CASE PRESENTATION: A 58 year old male teacher with a history of HTN & DM, presented with 3 months of productive cough, decreased exercise tolerance and non-exertional right sided chest pain. He denied weight loss, dysphagia or voice change. He had a 30 pack year history of smoking, and no history of tuberculosis or exposure. His physical exam was unrevealing. Labs were significant for a mild normocytic anemia. Chest x-ray was suggestive of a large mass in the lower mediastinum. CT scan (see image) demonstrated a large posterior mediastinal mass displacing the esophagus. This was different when compared to a prior abdominal CT scan performed 5 years ago (while being Rx for bladder ca), which showed only prominent fat around the same area. The patient underwent a postero-lateral thoracotomy, and a 17 cm posterior mediastinal mass was found, protruding into the right hemithorax and displacing the esophagus anteriorly. Histology was consistent with a low grade well-differentiated liposarcoma with secondary myxoid changes. The tumor was composed of lobulated mature adipose tissue separated by thick, broad fibrous septae, with identifiable spindle & pleomorphic cells. Cytogenetic analysis revealed abnormal clones with multiple numerical & structural alterations involving chromosomes 6, 11, 14, 15, 21 and 22 as well as a ring & giant chromosomes.
DISCUSSIONS: Liposarcoma usually occurs in the retroperitoneum and deep soft tissues of the trunk and extremities, representing approximately 20% of mesenchymal neoplasms. ML may arise from thymus fatty tissue in the anterior mediastinum but are also found occasionally in the posterior mediastinum. They grow insidiously and attain large size with invasion into surrounding structures like the pericardium and superior vena cava. They may be asymptomatic or cause dyspnea, chest pain and tachypnea. Four histological types of Liposarcoma have been described: well differentiated, myxoid, round cell and pleomorphic. Well-differentiated (the most common)and myxoid types have favorable prognoses, with 100% and 88% 5-year survival rates, respectively. However, these tumors are poorly circumscribed and recur locally after incomplete excision. Round-cell and pleomorphic types have a poor prognosis with a 5-year survival rate of about 50% each; both tend to metastasize quickly, mostly to the lungs.
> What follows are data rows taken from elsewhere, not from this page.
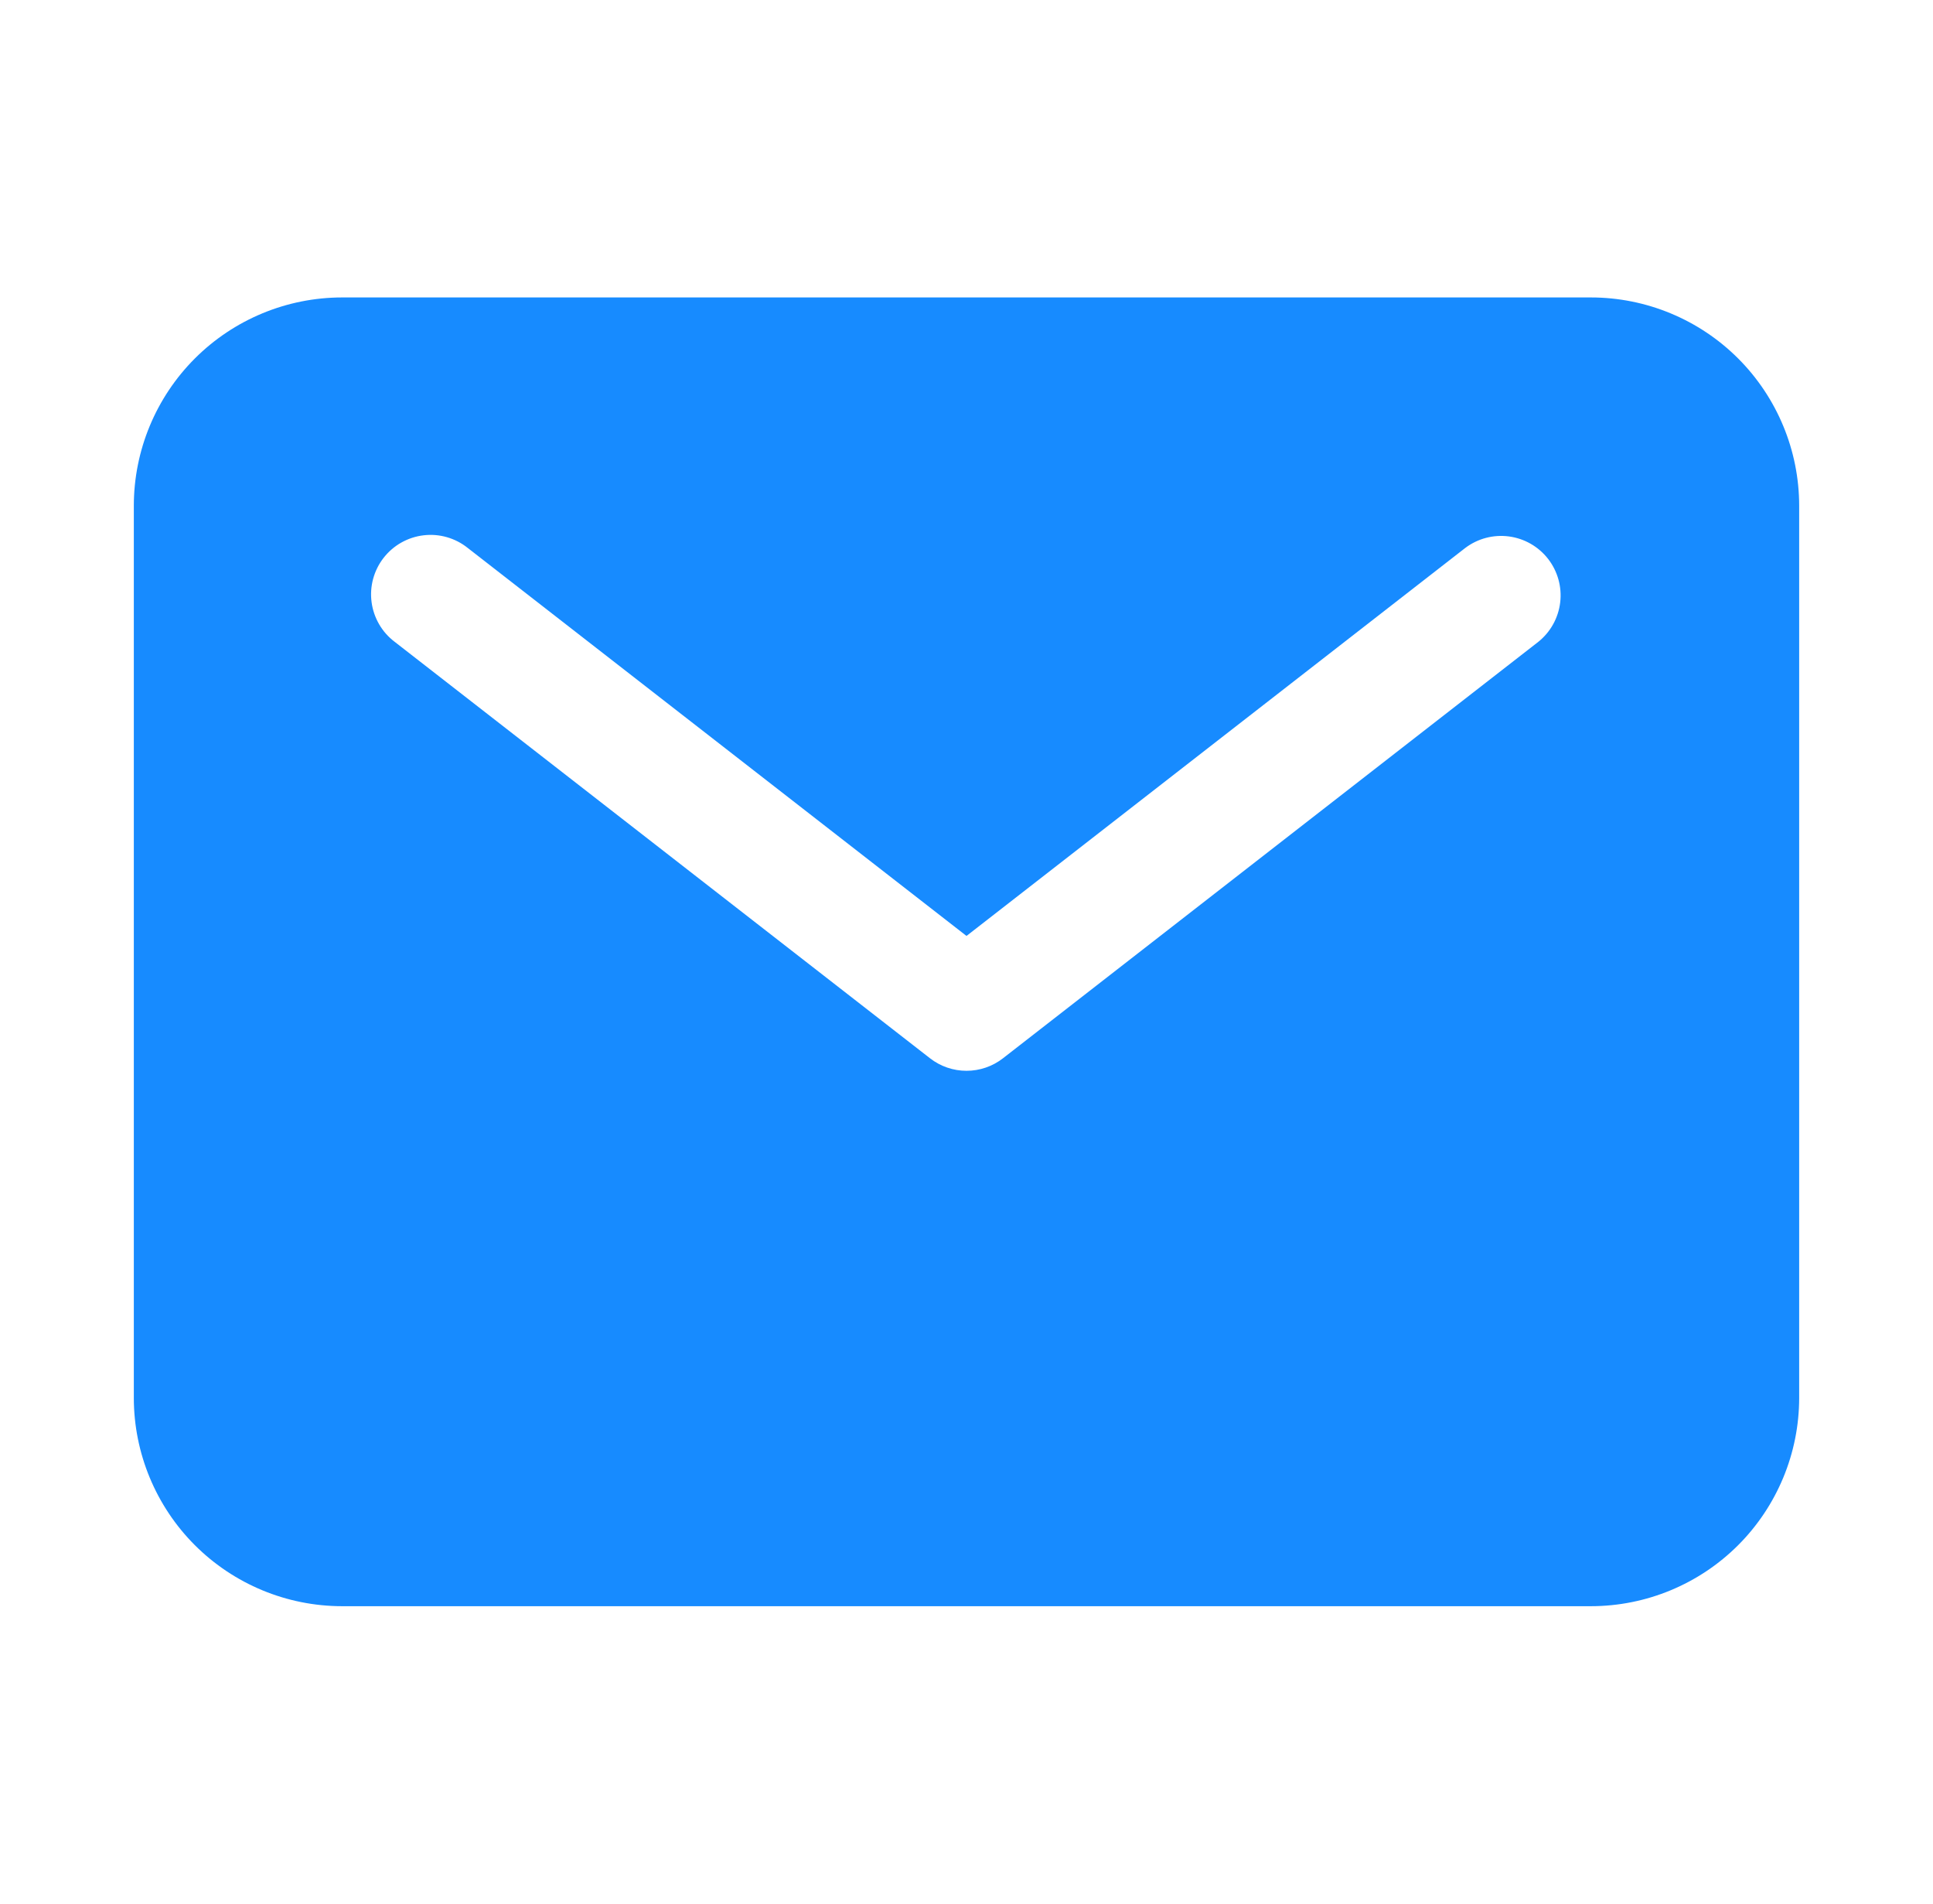 <svg width="65" height="64" viewBox="0 0 65 64" fill="none" xmlns="http://www.w3.org/2000/svg">
<g id="IoMail">
<path id="Vector" d="M53.5 10H11.5C9.644 10.002 7.865 10.74 6.552 12.052C5.24 13.365 4.502 15.144 4.5 17V47C4.502 48.856 5.24 50.635 6.552 51.948C7.865 53.26 9.644 53.998 11.5 54H53.5C55.356 53.998 57.135 53.26 58.448 51.948C59.76 50.635 60.498 48.856 60.5 47V17C60.498 15.144 59.76 13.365 58.448 12.052C57.135 10.74 55.356 10.002 53.5 10ZM51.727 21.579L33.727 35.579C33.377 35.852 32.945 36 32.5 36C32.055 36 31.623 35.852 31.273 35.579L13.273 21.579C13.061 21.419 12.883 21.219 12.75 20.99C12.617 20.761 12.53 20.508 12.495 20.245C12.46 19.982 12.478 19.715 12.547 19.46C12.617 19.204 12.736 18.964 12.899 18.755C13.062 18.546 13.264 18.371 13.495 18.241C13.726 18.111 13.98 18.028 14.243 17.997C14.507 17.965 14.773 17.987 15.028 18.06C15.283 18.133 15.521 18.256 15.727 18.421L32.5 31.466L49.273 18.421C49.692 18.105 50.219 17.966 50.74 18.035C51.261 18.104 51.734 18.375 52.057 18.79C52.379 19.205 52.526 19.73 52.464 20.252C52.402 20.774 52.138 21.25 51.727 21.579Z" fill="#178BFF"/>
</g>
</svg>
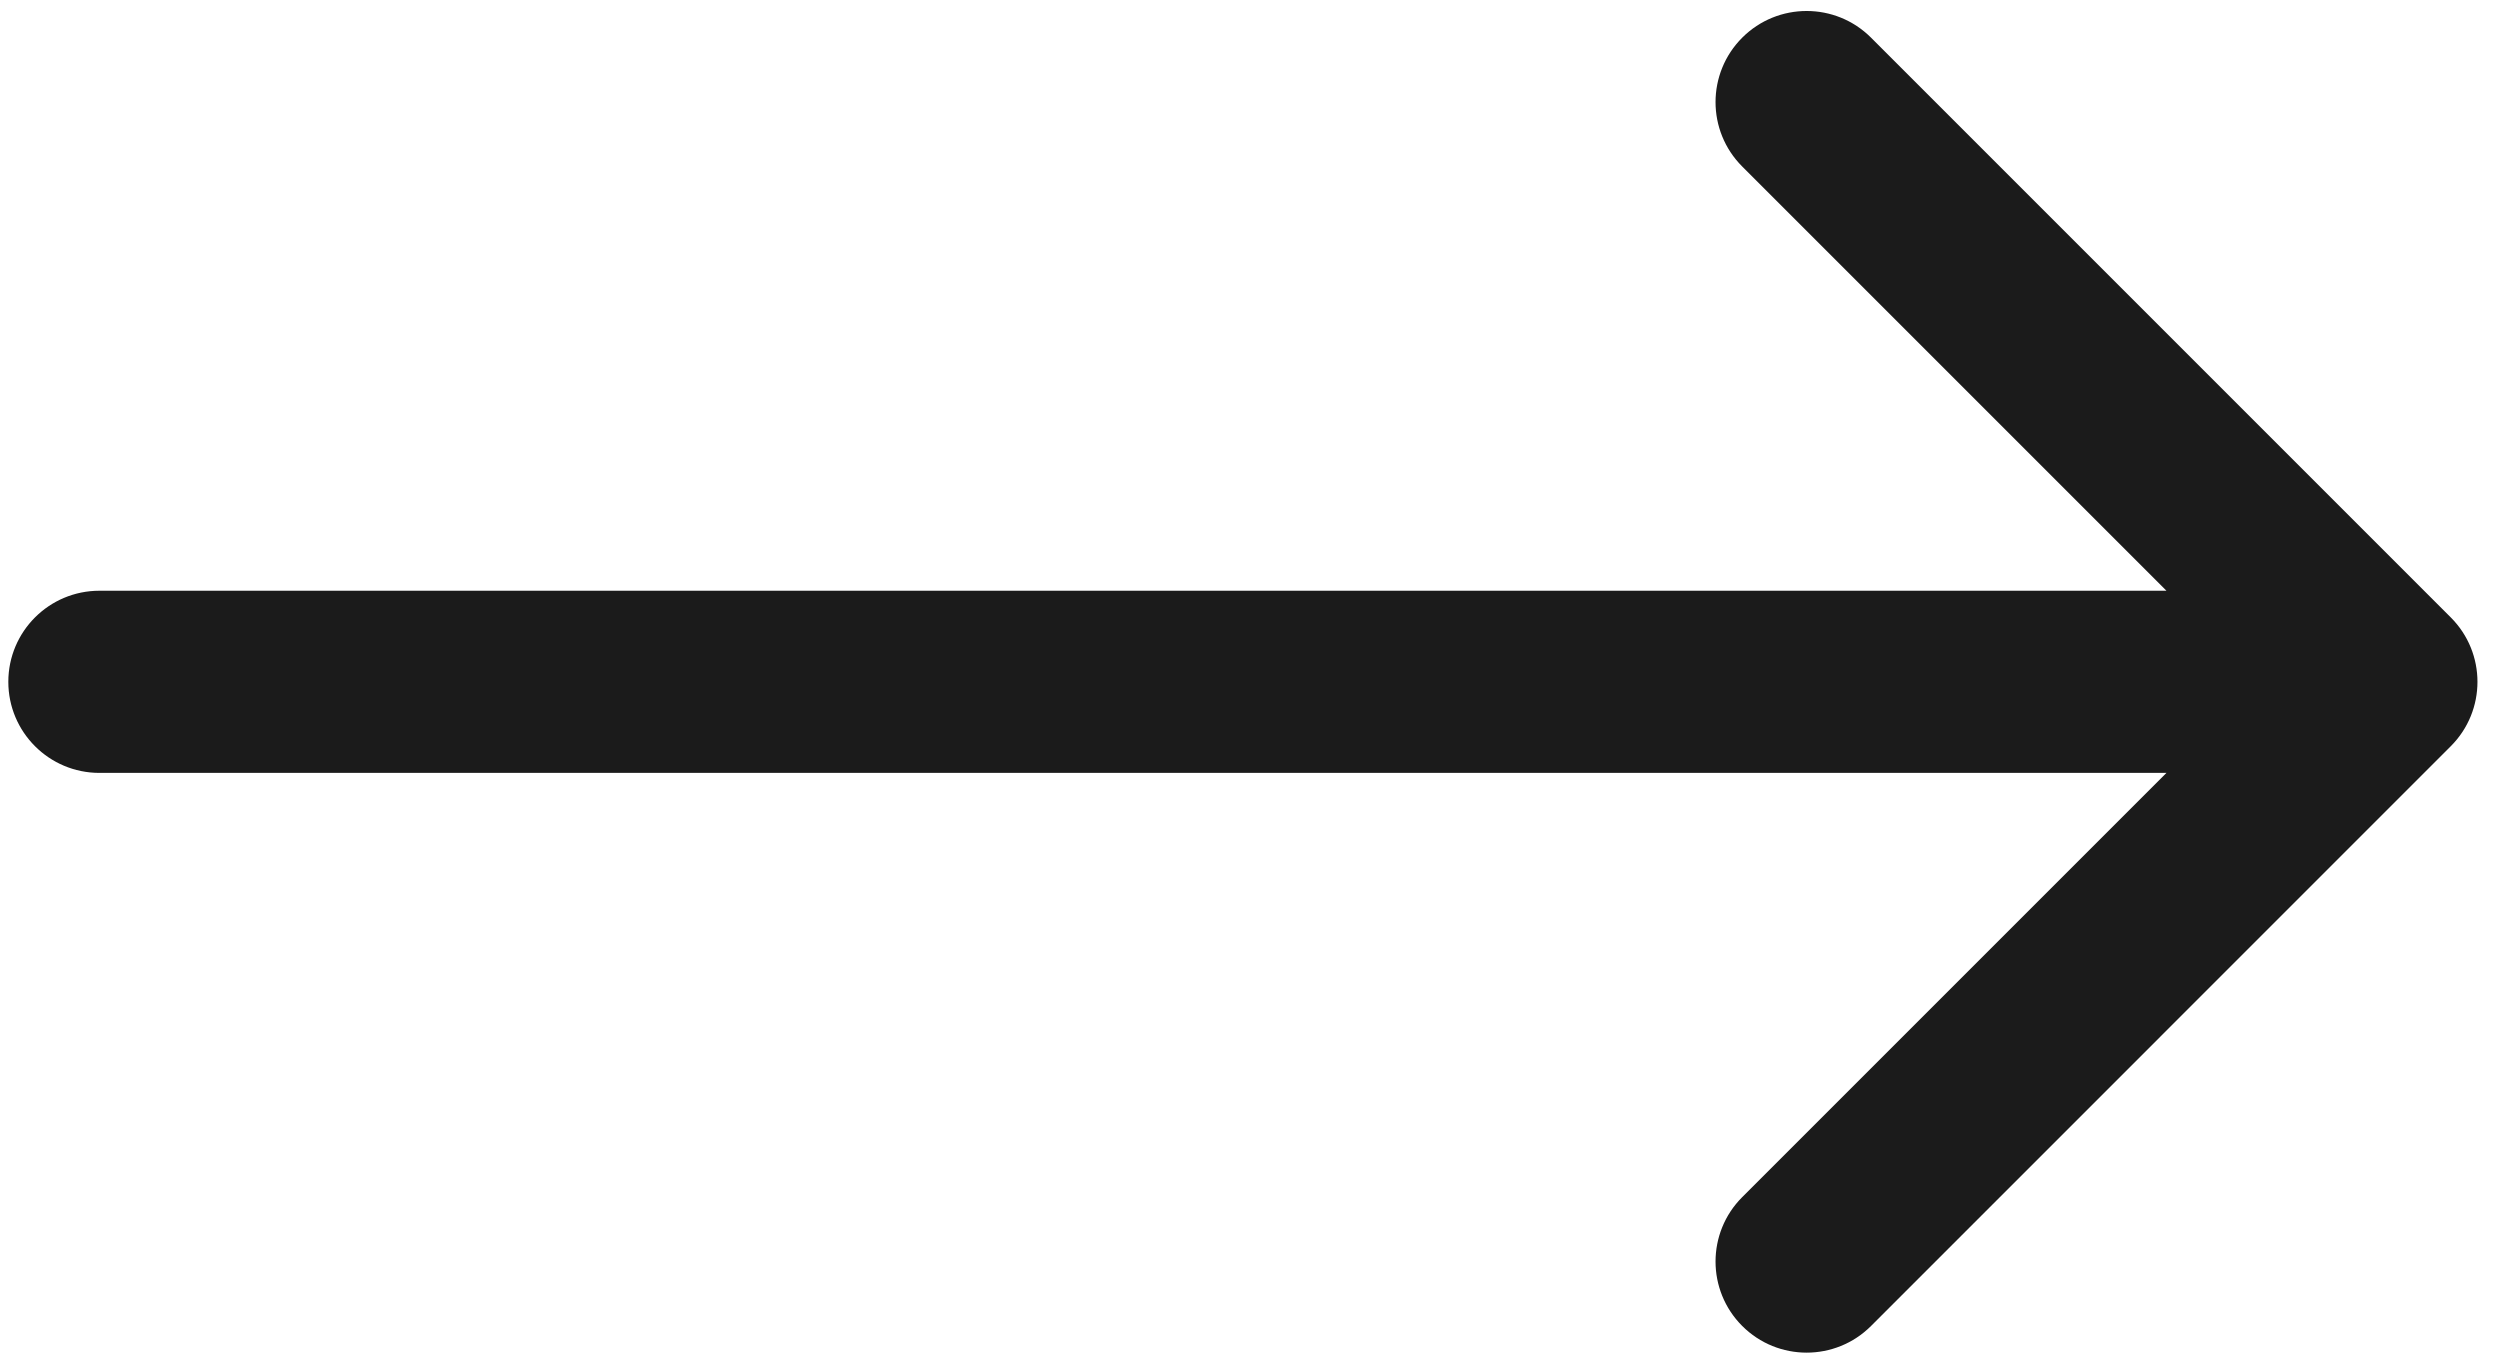 <svg width="88" height="48" viewBox="0 0 88 48" fill="none" xmlns="http://www.w3.org/2000/svg">
<path d="M3.5 20.794C1.729 20.794 0.293 22.229 0.293 24C0.293 25.771 1.729 27.206 3.5 27.206V20.794ZM86.267 26.267C87.52 25.015 87.52 22.985 86.267 21.733L65.861 1.326C64.609 0.074 62.578 0.074 61.326 1.326C60.074 2.579 60.074 4.609 61.326 5.861L79.465 24L61.326 42.139C60.074 43.391 60.074 45.422 61.326 46.674C62.578 47.926 64.609 47.926 65.861 46.674L86.267 26.267ZM3.5 27.206H84V20.794H3.5V27.206Z" fill="#1B1B1B"/>
</svg>

On CT, ML may appear as a fat containing mass or a solid lesion. MRI T1- weighted images show the fatty tissue with high signal intensity, making this imaging mode valuable to assess for vascular or thoracic duct invasion. Surgical resection is the treatment of choice of ML. Partial excision or debulking may be required to relieve symptoms of infiltrating lesions of the mediastinum. Liposarcomas have very low sensitivity to radiotherapy and chemotherapy. High doses of radiation may result in mediastinal fibrosis and is generally reserved for unresectable tumours or palliation. Chemotherapy has a very limited role. Long term survival is highest with well differentiated pseudo-encapsulated tumors where surgical excision is complete. Recurrence of ML is common, usually apparent within the first 6 months after resection, and carries a very poor outcome.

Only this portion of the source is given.